▶ [TASK OBJECTIVE]:
Repeat exactly the lines of the entries below from the one with "second land cover: Spontaneously" through the one with "longitude: -4.4215", both ends included, and nothing else.

▶ [SUPPLIED RECORDS]:
________________________________________
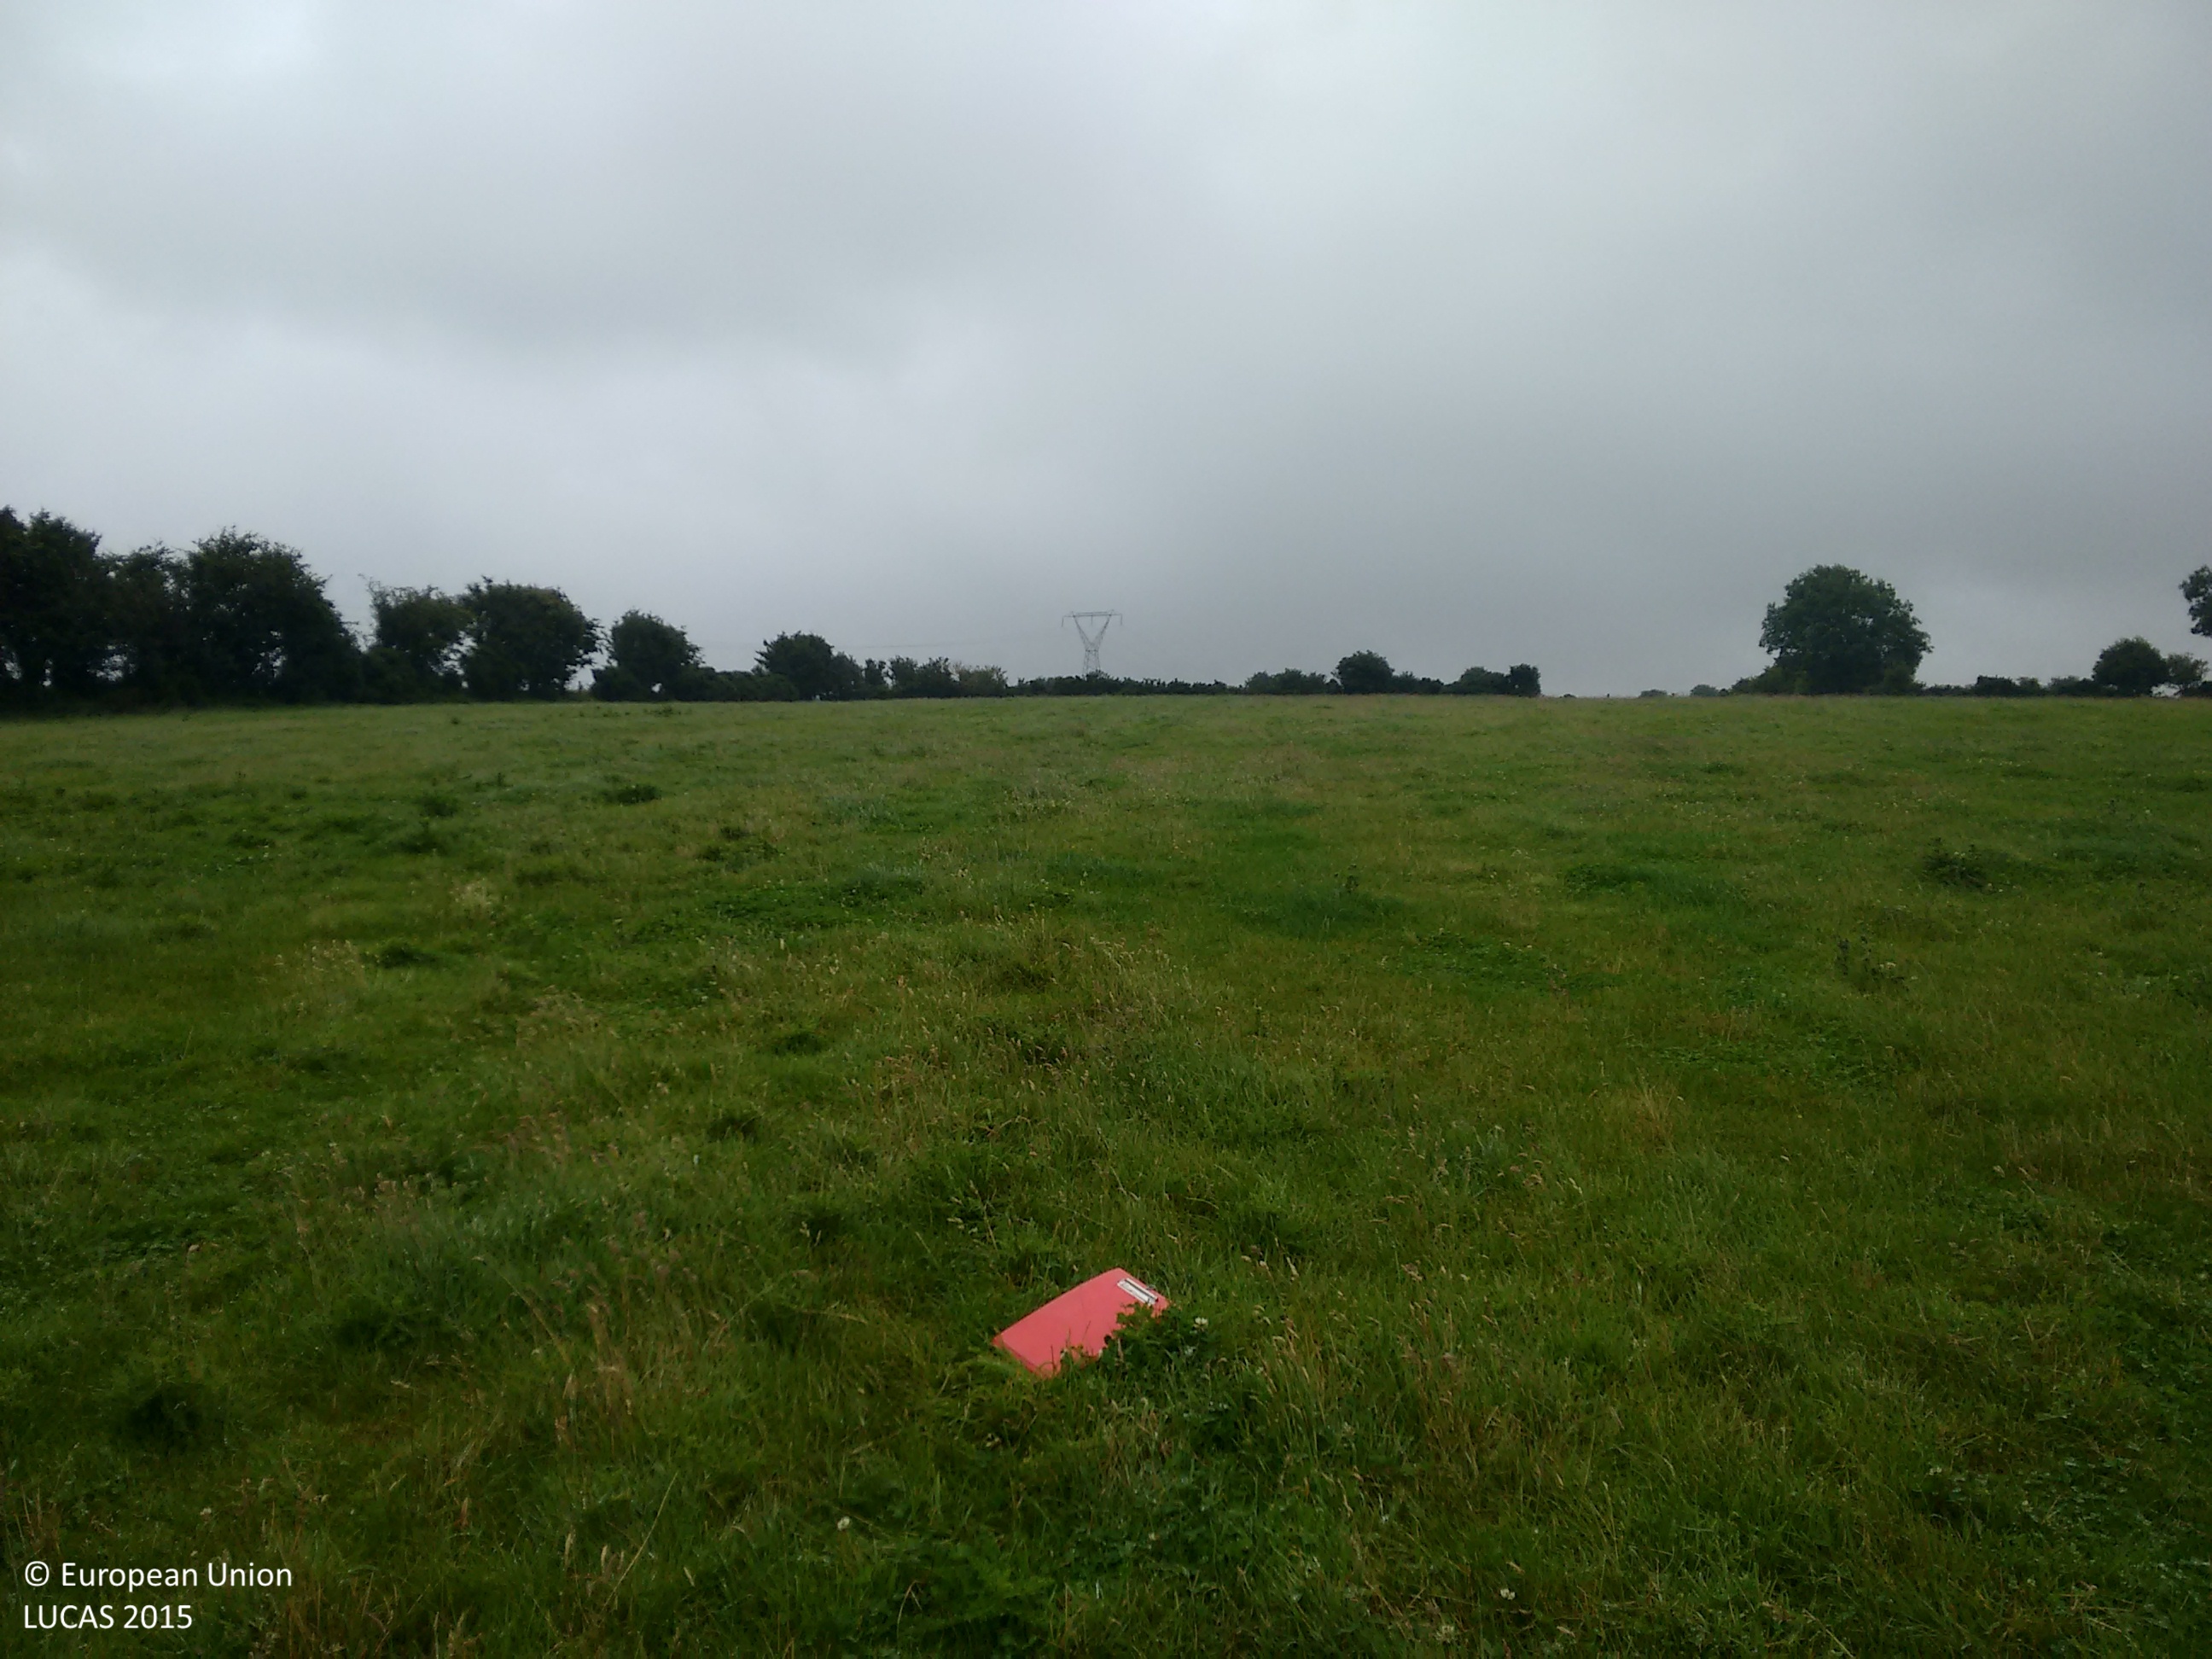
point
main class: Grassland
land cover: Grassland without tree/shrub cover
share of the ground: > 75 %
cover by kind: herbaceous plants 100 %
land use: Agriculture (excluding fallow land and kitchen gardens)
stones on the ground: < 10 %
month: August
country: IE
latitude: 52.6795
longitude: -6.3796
________________________________________
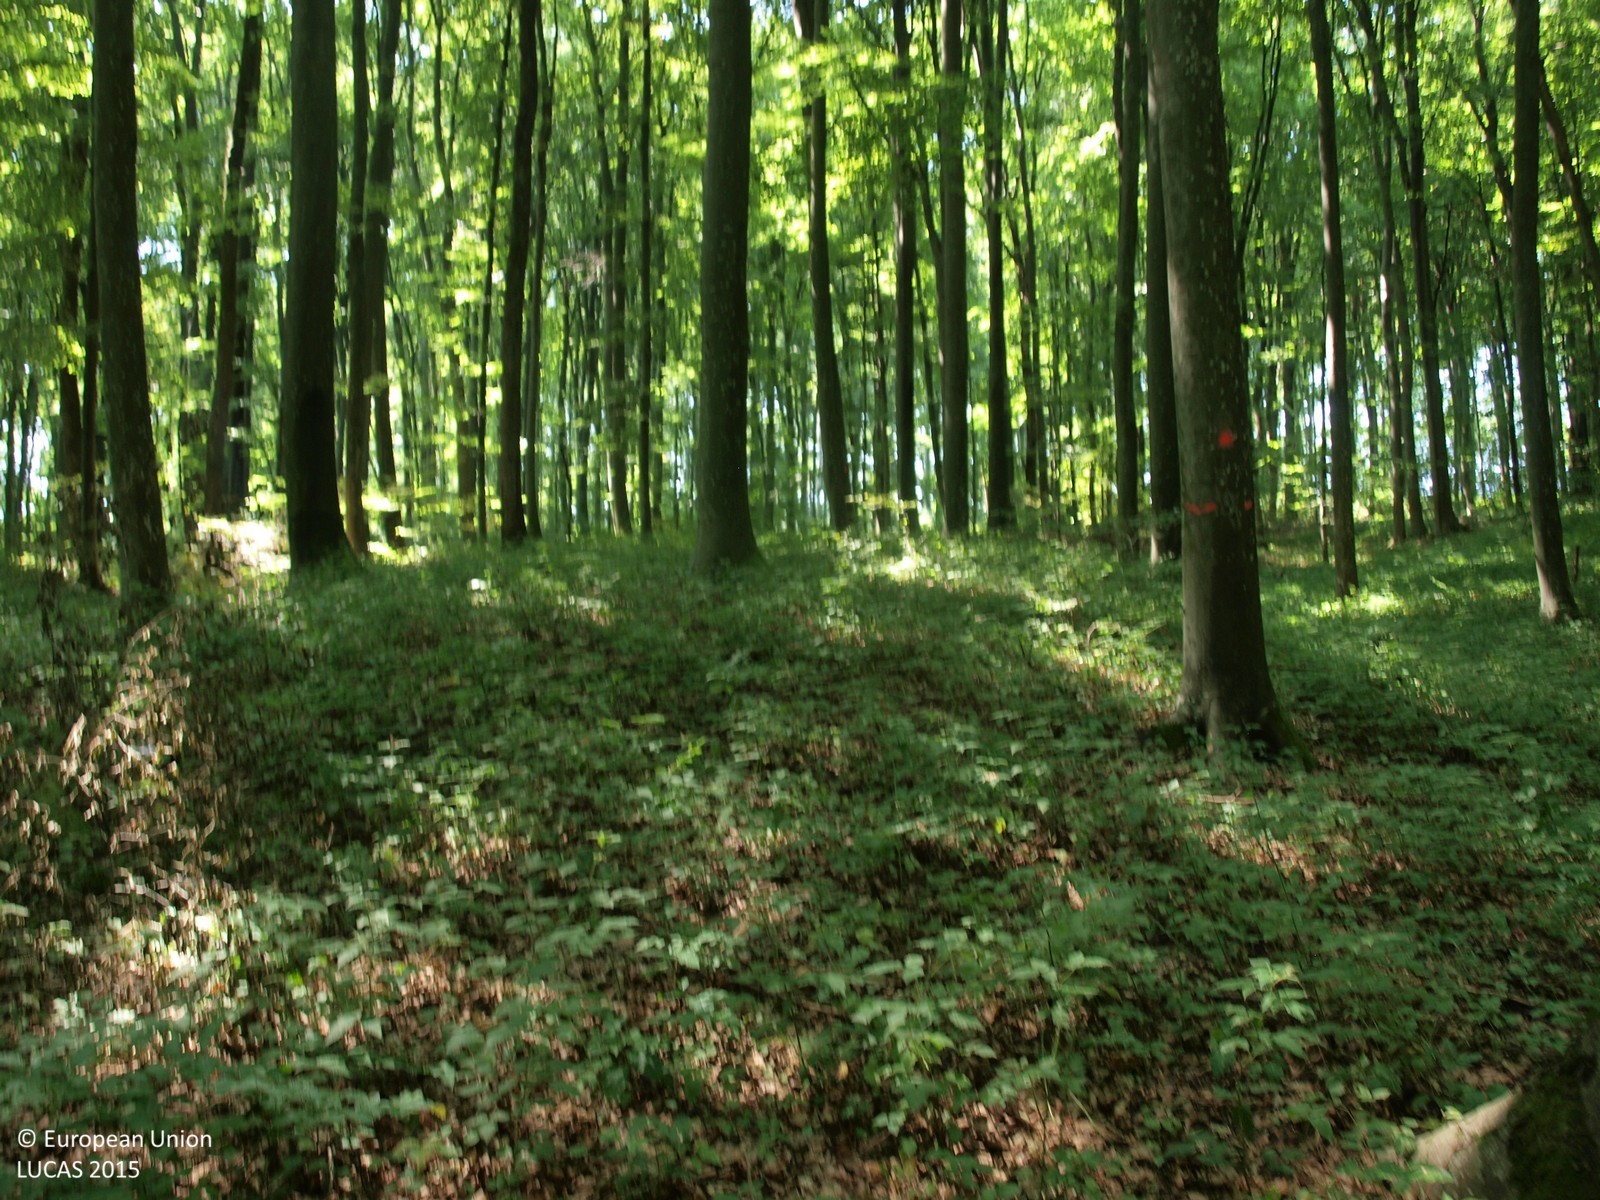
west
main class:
________________________________________
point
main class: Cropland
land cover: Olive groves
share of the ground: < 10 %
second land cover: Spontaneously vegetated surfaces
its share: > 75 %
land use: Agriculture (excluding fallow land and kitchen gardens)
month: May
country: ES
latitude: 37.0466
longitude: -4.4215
________________________________________
▶ [TASK ANSWER]:
second land cover: Spontaneously vegetated surfaces
its share: > 75 %
land use: Agriculture (excluding fallow land and kitchen gardens)
month: May
country: ES
latitude: 37.0466
longitude: -4.4215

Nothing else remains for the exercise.